As you restate the entries, keep every word intact and leave out whatever images they hold.

-------- Entries supplied --------

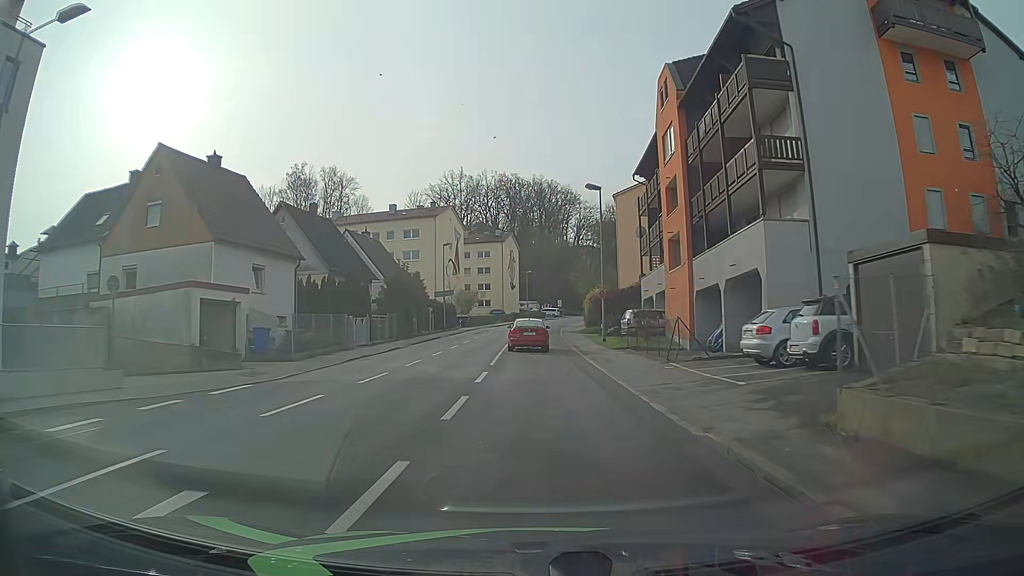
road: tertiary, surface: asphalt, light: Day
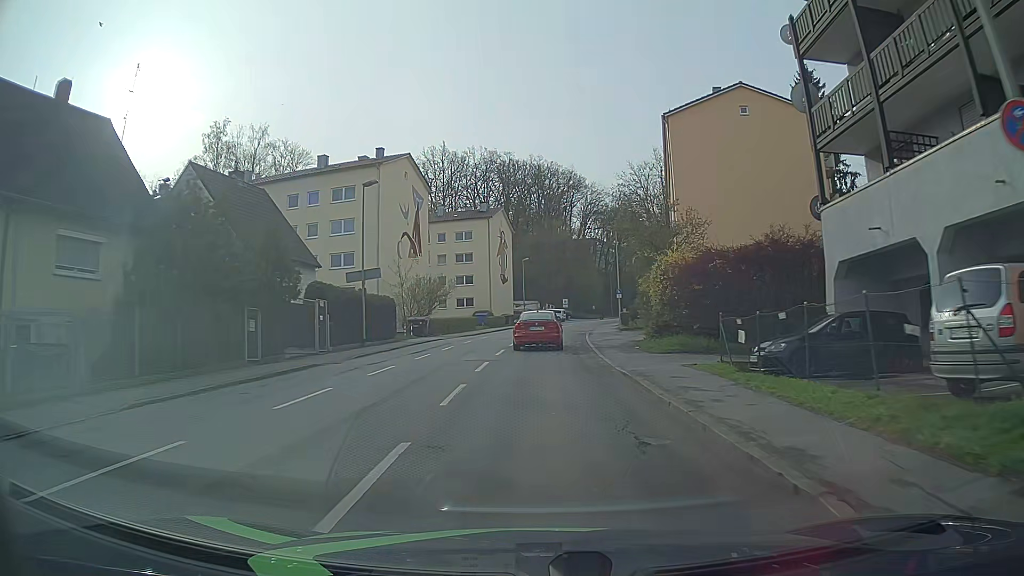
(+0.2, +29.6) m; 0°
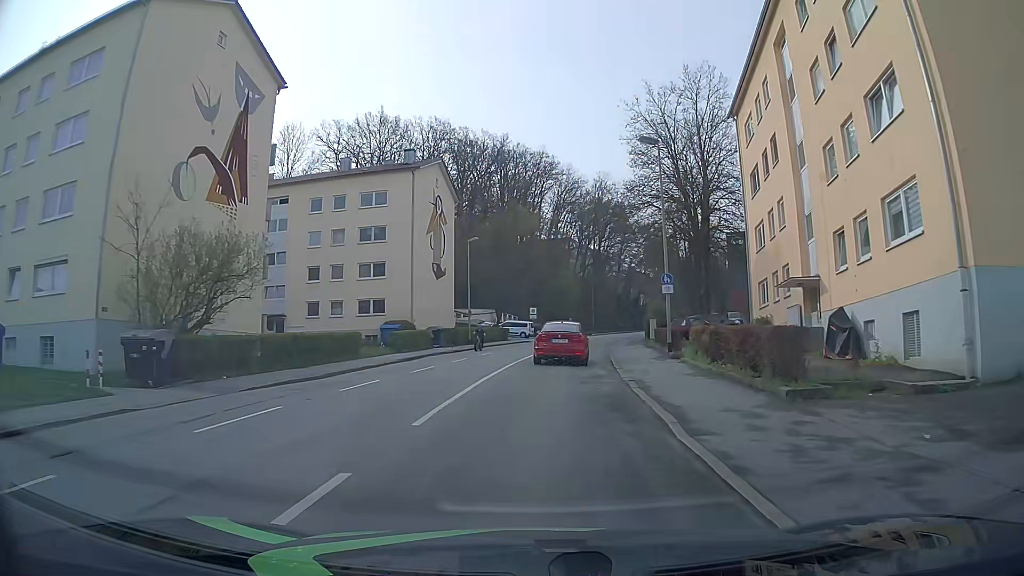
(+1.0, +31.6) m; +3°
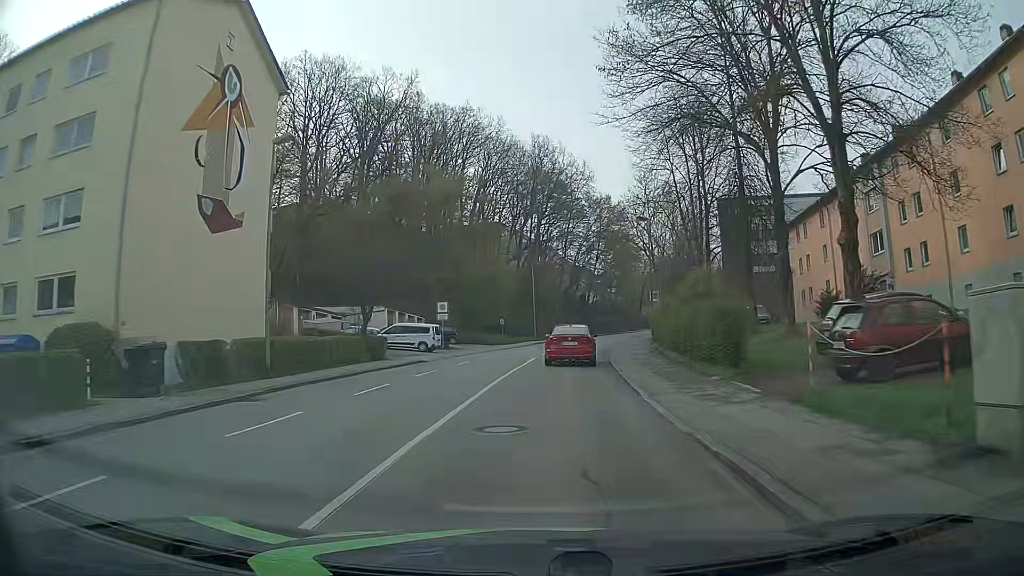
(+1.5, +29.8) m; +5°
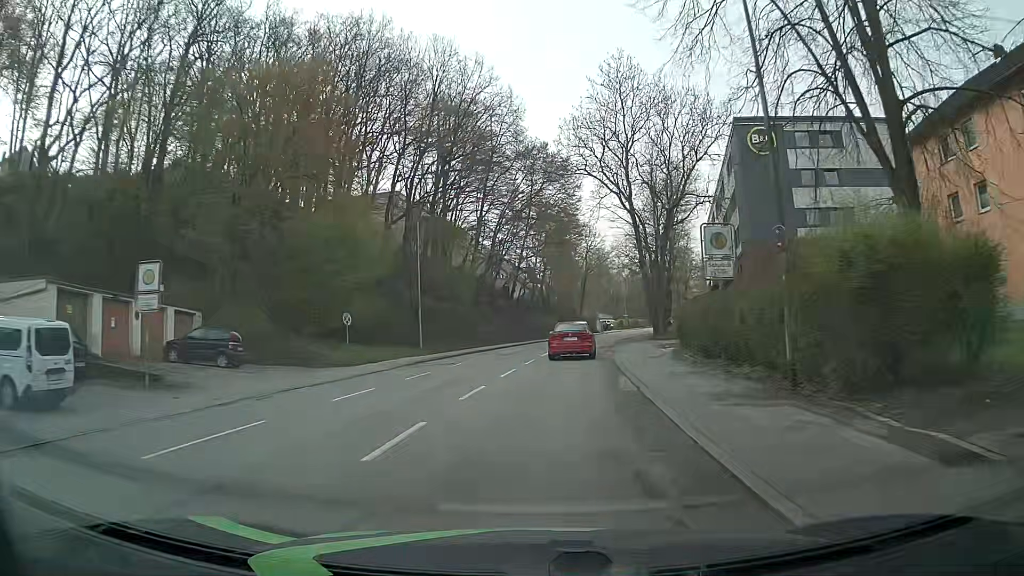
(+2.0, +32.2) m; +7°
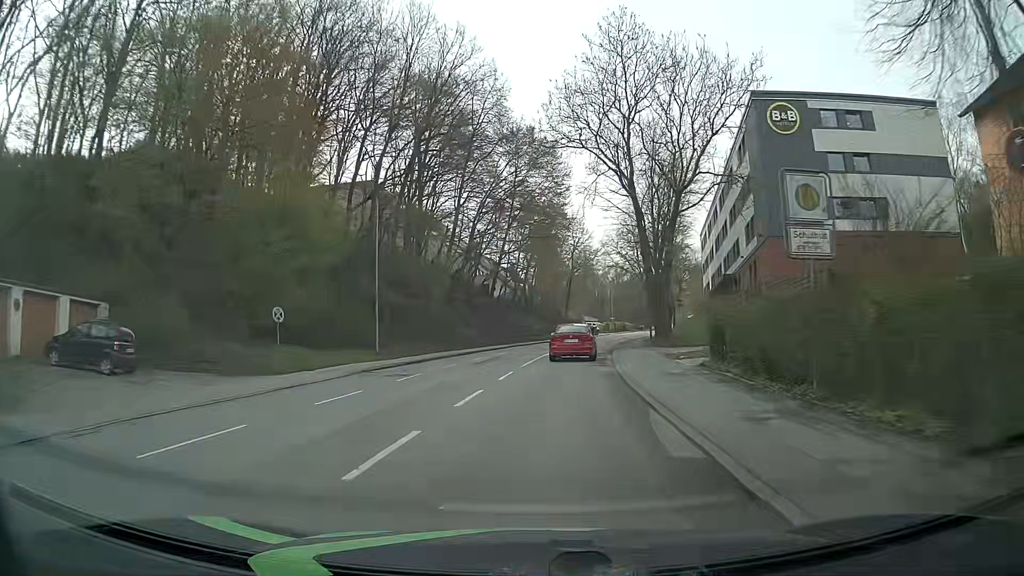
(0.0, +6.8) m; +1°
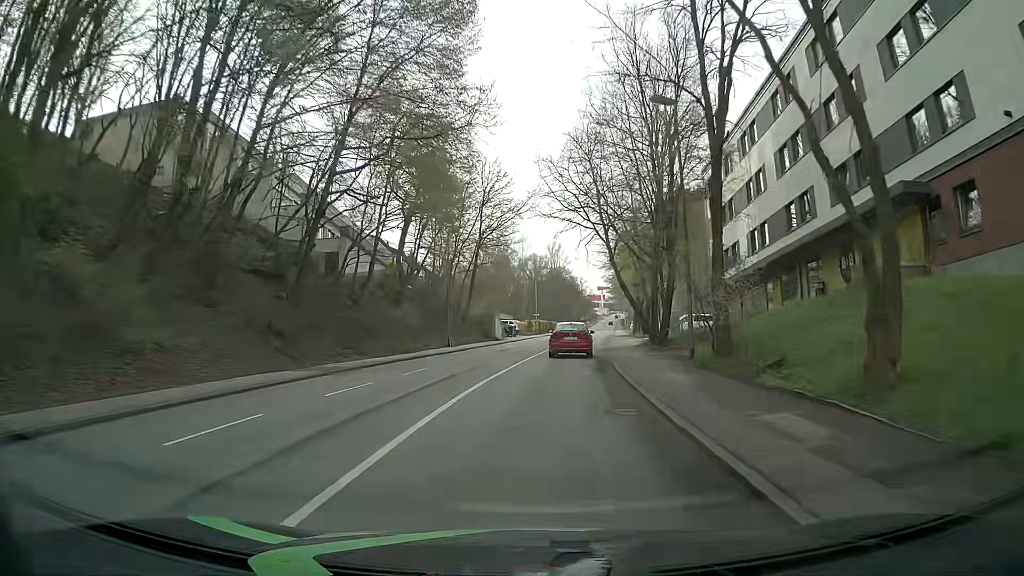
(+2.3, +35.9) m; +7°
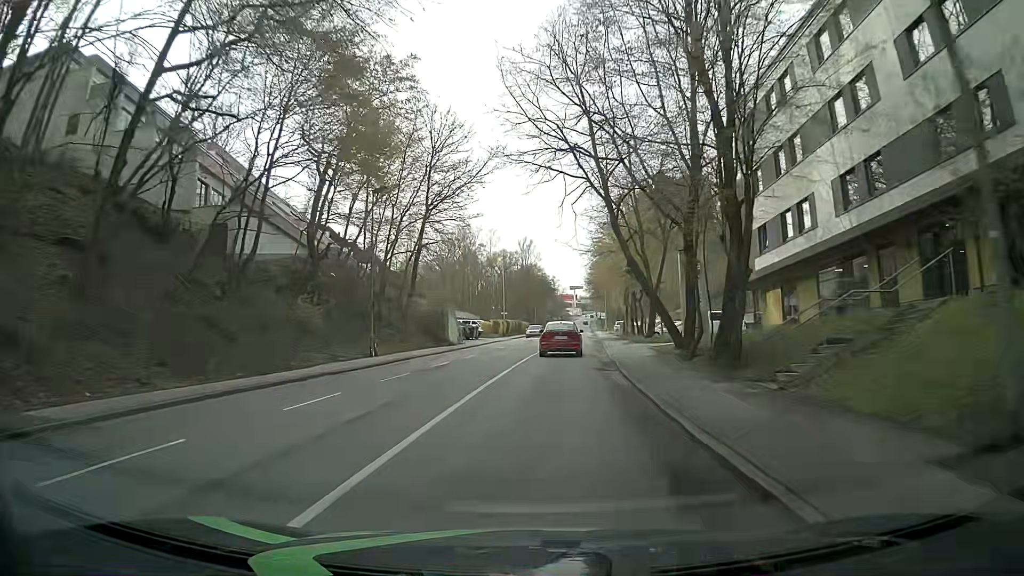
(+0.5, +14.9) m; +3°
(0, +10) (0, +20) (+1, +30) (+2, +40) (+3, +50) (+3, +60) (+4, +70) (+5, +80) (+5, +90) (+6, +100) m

--------

→ **Task result**
road: tertiary, surface: asphalt, light: Day
(+0.2, +29.6) m; 0°
(+1.0, +31.6) m; +3°
(+1.5, +29.8) m; +5°
(+2.0, +32.2) m; +7°
(0.0, +6.8) m; +1°
(+2.3, +35.9) m; +7°
(+0.5, +14.9) m; +3°
(0, +10) (0, +20) (+1, +30) (+2, +40) (+3, +50) (+3, +60) (+4, +70) (+5, +80) (+5, +90) (+6, +100) m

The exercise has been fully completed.